The Depositor shall, upon request by the Trustee, provide the
Trustee with a current list of Securities designated to be sold for the
purpose of payment of expenses hereunder, provided that if the
Depositor shall for any reason fail to provide such a list, the
Trustee, in its sole discretion, may designate a current list of
Securities for such purposes. The net proceeds of any such sales of
Securities from such list representing principal shall be credited to
the Principal Account.
(j) the trustee except by reason of its own negligence, bad
faith or wilful misconduct shall not be liable for any action taken,
omitted or suffered to be taken by it in good faith and believed by it
to be authorized or within the discretion or rights or powers conferred
upon it by this Indenture;
(k) so long as shall be required by Section 26(a)(2)(C) of the
Investment Company Act of 1940, no payment to the Depositor or to any
principal underwriter (as defined in such Act) for the Trust or to any
-37-
affiliated person (as so defined) or agent of the Depositor or such
underwriter shall be allowed the Trustee as an expense except for
payment not in excess of such reasonable amounts as compensation for
performing bookkeeping and other administrative services of a character
normally performed by the Trustee itself;
(l) the Trustee in its individual or any other capacity may
become an owner or pledgee of, or be an underwriter or dealer in
respect of, common stock and other securities issued by the same issuer
(or an affiliate of such issuer) of any of the Securities at any time
held as part of the Trust and may deal with such common stock or other
securities in any manner with the same rights and powers as if it were
not the Trustee hereunder;
(m) the Trust may include a letter or letters of credit for
the purchase of Securities or Contract Securities issued by the Trustee
in its individual capacity for the account of the Depositor and the
Trustee may otherwise deal with the Depositor and the Trust with the
same rights and powers as if it were not the Trustee hereunder; and
(n) the Trustee may grant a security interest in the
Securities in connection with the Purchase Rights and Additional
Purchase Rights provided however that the Unit Holders will have the
benefits of the Securities and will be prior in right with respect to
the security interest.
Section 6.02. Books, Records and Reports: The Trustee shall
keep proper books of record and account of all the transactions under this
Indenture and keep a register described in Section 2.06 at its corporate trust
office, and such books, records and register shall be open to inspection by any
Unit Holder at all reasonable times during the usual business hours.

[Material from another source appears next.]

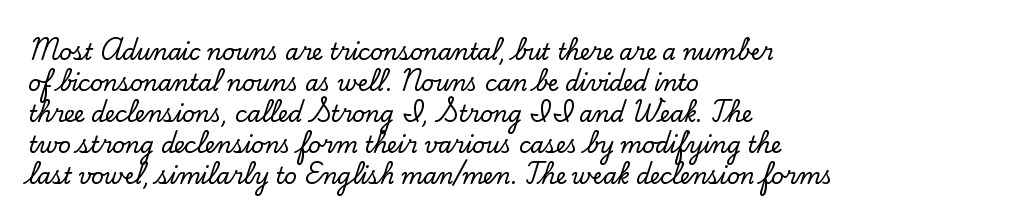
The image shows 22 px text type; set left-aligned, normal line spacing (1.41x), normal letter spacing, not underlined.
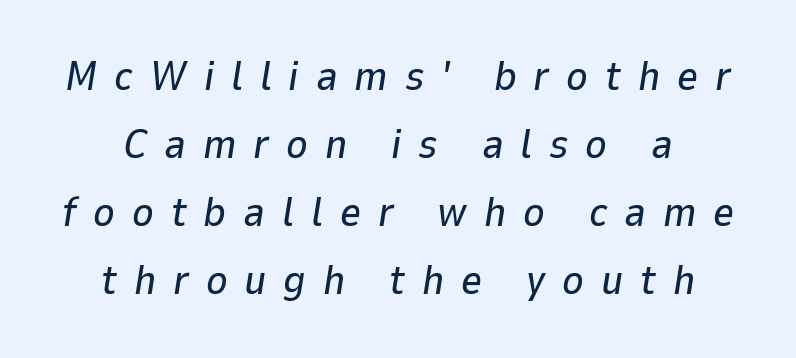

The Trustee shall make such annual or other reports as may
from time to time be required under any applicable state or federal statute or
rule or regulation thereunder and such other tax and cost basis reports
requested by the Depositor and the Trustee shall, upon the request of a Unit
Holder, provide such Unit Holder and such Unit Holder's designated
representative with the cost basis of the Securities backing the Unit Holder's
Units and a calculation of the gain or loss on such Securities in the case of
Unit Holders of record on the Termination Date.
-38-
Section 6.03. Indenture and List of Securities on File: The
Trustee shall keep a certified copy or duplicate original of this Indenture
(including the Reference Trust Agreement) on file at its corporate trust office
available for inspection at all reasonable times during the usual business hours
by any Unit Holder, together with a current list of the Securities.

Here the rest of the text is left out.